For me Kafountine is a place like none other, and not necessarily in a good way. Kafoutine always reminds me of the bar scene in Star Wars Episode 4 on the planet Tatooine: a place filled with people who come from many different places, all seeming to be a little suspect, with an element of danger mixed in (remember that Han Solo does shoot Greedo in that scene!)

We have been to Kaufountine a few times over the years that we have visited Senegal, met a few people, and given away a few Bibles there. A few years ago there was even an attempt to begin a church there by a Senegalese church planter from the north, but we heard that the work was abandoned after less than a year because it was so difficult. We have, however, heard that a group of Ghanaians (people who come from the West African country of Ghana) have a small church there where they worship together. 

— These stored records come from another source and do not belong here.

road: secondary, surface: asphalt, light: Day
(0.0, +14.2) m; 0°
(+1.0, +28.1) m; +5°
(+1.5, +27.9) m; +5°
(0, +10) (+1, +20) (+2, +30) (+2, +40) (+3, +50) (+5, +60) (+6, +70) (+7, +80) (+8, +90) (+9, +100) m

Last Sunday we spent the afternoon in Kafountine as we attended a baby-naming ceremony there. The brother of one of the believers here in Diouloulou recently had twins and Sunday was the day that he was to announce their names: Adama and Awa (Adam and Eve in English). Traditionally here you name twins after Adam and Eve.

As part of the ceremony there was a griot (a traditional singer) who sang and announced the names of the babies as well as the history of the parents and their family. We also ate together, drank tea, and the girls spent a lot of time holding the babies. In keeping with tradition, we gave the father a small amount of money to help with the expenses of the ceremony, we gave the mother several bars of soap to help in washing the children and the clothes, and we also gave the father a Bible. Their family is Muslim, but after discussing this with his brother we felt that he would be open to receiving the Bible. We wrapped the Bible in paper and placed it in a plastic bag with the soap so as to not put him on the spot publicly, but as we left I explained to him that we wanted to give him something special as he began his new life as a father; something that could make a real difference in this life and in the life to come.

Be praying for this man, his wife and his young family. Pray for the people of Kafountine who need to hear and understand the Gospel. Be praying for God to call people to Himself and to a relationship with Him through His Son Jesus Christ and then to call those new believers to go and announce the Good News. Be praying all Senegal for Christ!